赵大嘴凑近来说,这事恐怕不算完,老龙头那驴脾气俺知道,发丧那会儿你还得在前头像模像样领幡,那老家伙要是听不见孝子哭,把棺材朝半道上一撂就走人,那么重的一口好棺材,俺一人可是搬不动。三改又一愣,爹也是七十出头的人了,丧事在村上又是最风光的,哭得出来么?还有硬逼人哭的?一想到自己“咿咿呀呀”的假哭,就破纪录了。若是不那样,棺材撂在半道上岂不更糟?整个一晚上,三改都是在琢磨怎么闯过那一关,三改是把发丧当成闯关了。

第三天早上都快八点了,还是不见老龙头的影子,三改的心也越悬越高。八点整,郑家门前的四班喇叭忽然磅礴起来,人潮涌动间,老龙头领着十六条汉子踩着钟点赶到。古旧的老龙杠子朝地上一撂,铜环“丁当”响,老龙头一头扑在棺材前连磕三个头,哭声动地说,老成哥老成哥,俺对不住你呀,从年轻起俺就哥儿兄弟到如今,俺这把贱骨头用得你那么金贵的儿子去跪嘛?你二十三岁那年娶媳妇,花轿是俺去抬,嫂子是从俺肩上走进门,如今你倒头了,俺这肩头就是给你当路走的呀,俺是心里堵,瞧你那王八犊子像孝子嘛?他给俺那一跪,是俺为你要的呀……

三改愣一气,硬着头皮随着赵大嘴一起上去劝。
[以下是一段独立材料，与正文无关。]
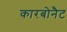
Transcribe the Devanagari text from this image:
कारबोनैट
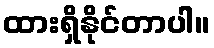
ထားရှိနိုင်တာပါ။
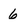
Character: 6
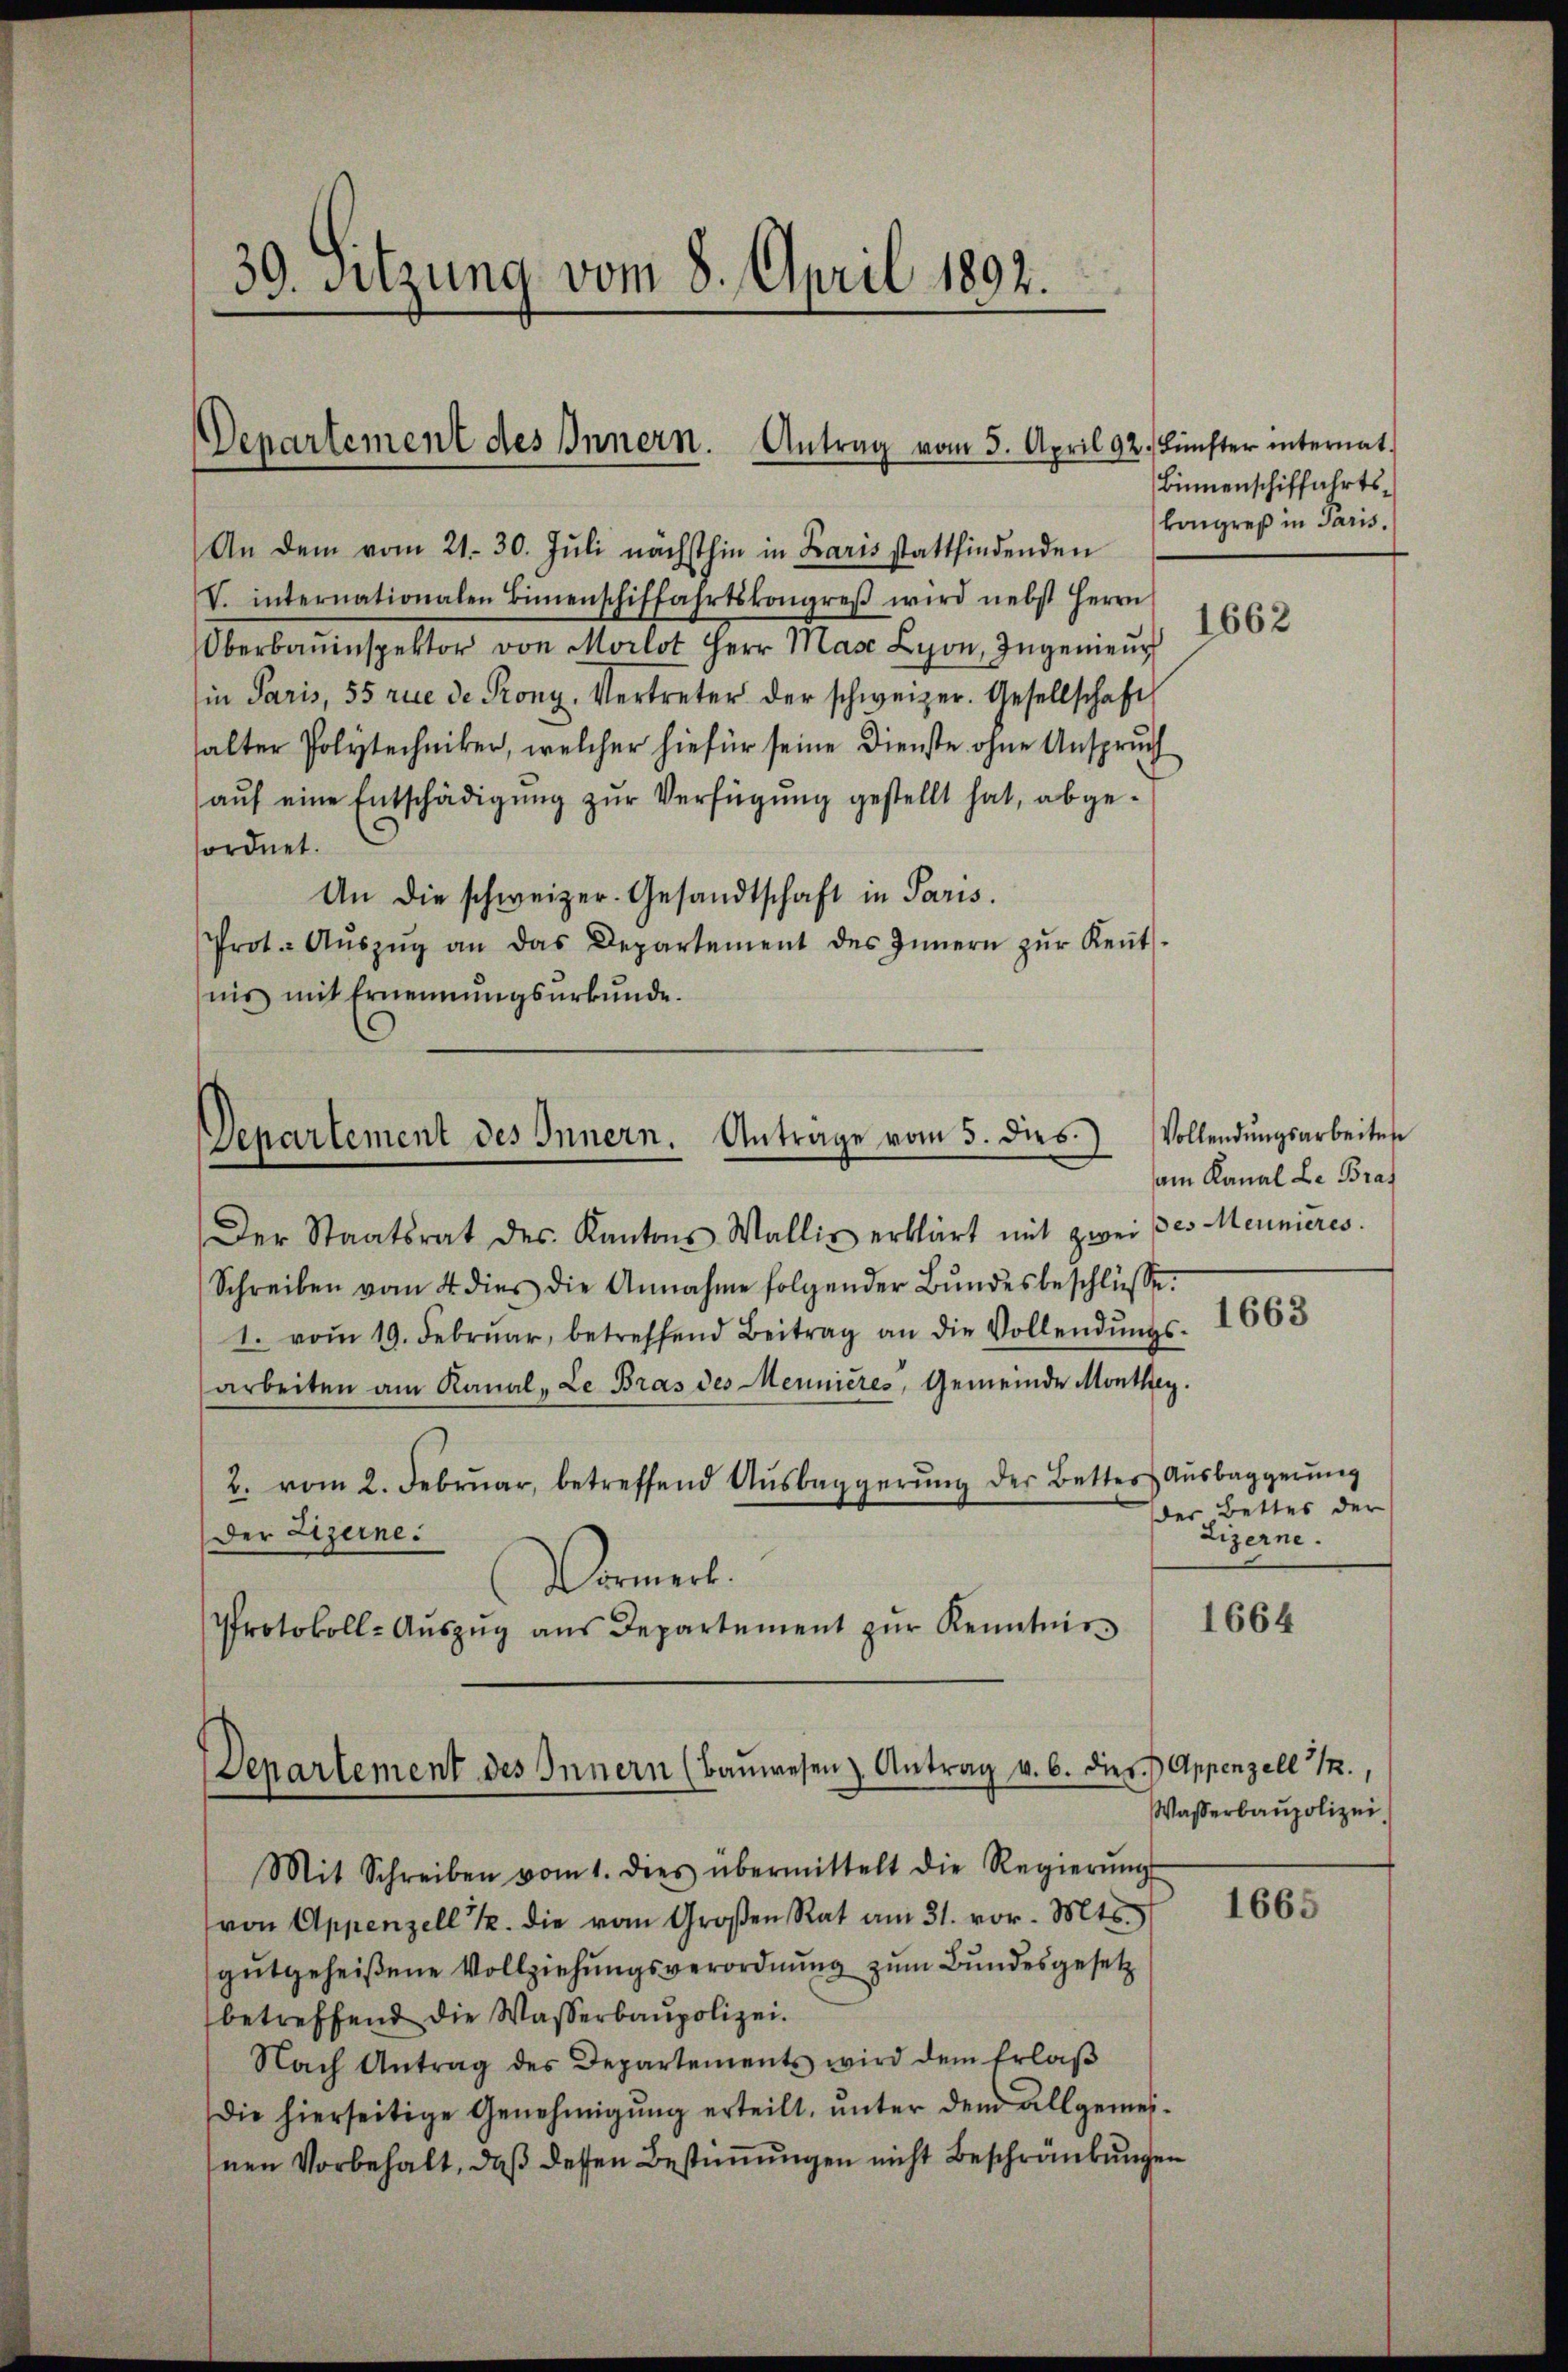
39. Sitzung vom 8. April 1892.

Departement des Innern. Antrag vom 5. April 9

An dem vom 21. 30. Juli nächsthin in Karis stattfindenden
V. internationalen Birmenschiffahrtskongreβ wird nebst Herrn
Oberbauinspektor von Morlot Herr Masc Lyon, Ingenieur
in Paris, 55 rue de Pony, Vertreter der schweizer. Gesellschaft
halter Polytechniker, welcher hiefür seine Dienste ohne Anspruch
aŭf eine Entschädigung zur Verfügung gestellt hat, abgefordnet.
An die schweizer. Gesandtschaft in Paris.
Prot. Aŭszŭg an das Departement des Innern zŭr Keṅt-
nis mit Ernennŭngsŭrkŭnde.

Departement des Innern. Antrage vom 5. dies.

Departement des Innern (Baŭwesen Antrag v. 6. dies Appenzell 1.,

2. Fünfter internat.
Binnenschiffahrtskongreß in Paris.

Der Staatsrat des Kantons Wallis erklärt mit zwei Des Meunieres
Schreiben vom 4 dies die Annahme folgender Bŭndesbeschlüsse.
1. vom 19. Februar, betreffend Beitrag an die Vollendŭngs-
arbeiten am Kanal-Le Bras des Mennieres, Gemeinde Monthey.
2. vom 2. Februar, betreffend Ausbaggerŭng der Better Ausbaggerung
Der Lizerne.
rmel.
Protokoll-Aŭszŭg aŭs Departement zŭr Kenntnis
Mit Schreiben vom 1. dies übermittelt die Regierŭng
von Appenzell u. die vom Großen Rat am 31. vor. Mts.
gutgeheißene Vollziehungsverordnung zum Bundesgesetz
betreffend die Wasserbaupolizei.
Nach Antrag des Departements wird dem Erlaβ
Die hierseitige Genehmigŭng erteilt, ŭnter dem allgemei-
nen Vorbehalt, daß dessen Bestimmungen nicht Beschränkungen

1662

Vollendungsarbeiten
am Kanal Le Braf

1663

der Bettes der

1664

Wasserbaupolizei.

1665

老龙头抬手拨拉开他,赵大嘴也不理他,只冲黑压压人群一声吆喝:发——丧——!老龙头像闻了三军将令,把泪一弹冲擎重的汉子一声喝:杠子扁担,上!果然个个都是好身手,捆绑纯熟,快速凌厉,眨眼间,八根扁担像给棺材插上了翅膀。

老龙头又是一声吼:起——棺——!十六条汉子齐刷刷一猫身,齐刷刷一挺身,庞大的棺材上了肩,每一动,都是整齐划一的,连步点都是一个节奏“嚓、嚓、嚓”,澎湃,悲壮。前头领孝的,后头送葬的拖了半里长,由赵大嘴前后节制着,像一条蠕动的人龙,号啕淹没了时空,大姐哭得尤其五味俱全,直到晕倒在村口。

三改一边努力哭丧着脸在前头举幡领丧,一边瞄着身边虎视眈眈的老龙头,时不时摸出餐巾纸抹眼角。好在波澜壮阔的嚎啕里,老龙头也听不清孝子哭没哭。眼见来到一座桥上,正庆幸相安无事,老龙头一声断喝:喊你爹过桥!每拐一道弯又是一声吼:喊你爹转弯!三改不敢有一点怠慢,只机械地喊,俺爹,过桥,俺爹,转弯……

已经看见不远的坟场了,擎重的汉子贸然问:要抢风水么?老龙头大喝:咋不抢?他妈死那会儿没抢着好风水,落下这么个“孝顺”儿子,这回俺得抢一棺好风水,给老成哥抢个孝顺孙子。一见距坟场还有不到二百步,老龙头振臂大吼:抢!十六条汉子忽地扯开了大步朝山坡上飞登,踩着步点齐声喊:吉脉,吉脉……喊声漫山遍野,悲壮苍凉,汉子们像一群飞起的燕子,棺也飞起来。

眼见就要到坟场,兀地“喀喳”一声脆响,八根扁担断了一根,棺材一斜一头栽倒在地,险些压死人。这怪事来得突然,蹊跷,在漠沟村还是头一回,吓得大家铁青着脸,愣半天不知主何凶吉?

赵大嘴忙着找来风水先生。风水先生绕着棺材四面打量,轻声吟哦:是人心违和,物物相克?还是丧家没命享用那棺瑶台之地?命里有时自然有,命里无时莫强求。一见也来到四叔的地皮上了,风水先生摆手说,就地埋了吧,棺不落二地,这是天意。若是拗着再换个地方,丧家恐怕还要搭上一条命。

老龙头只得吩咐汉子们挖坑,入棺。埋好坟,汉子们撩起衣襟擦把汗,转脸就走,撂得三改一人兀自愣着。

三改愣了好一会儿,才看清新坟距离祖坟虽说只差几十步,却孤零零被撂在大片祖坟外,这可犯了丧家大忌。三改怔着,怔着,蓦地一头扑下喊,爹,你这辈子咋就老和俺过不去?喊罢头触地,喉管里满是“咿哧咿哧”的古怪声,像是哭,又像是笑。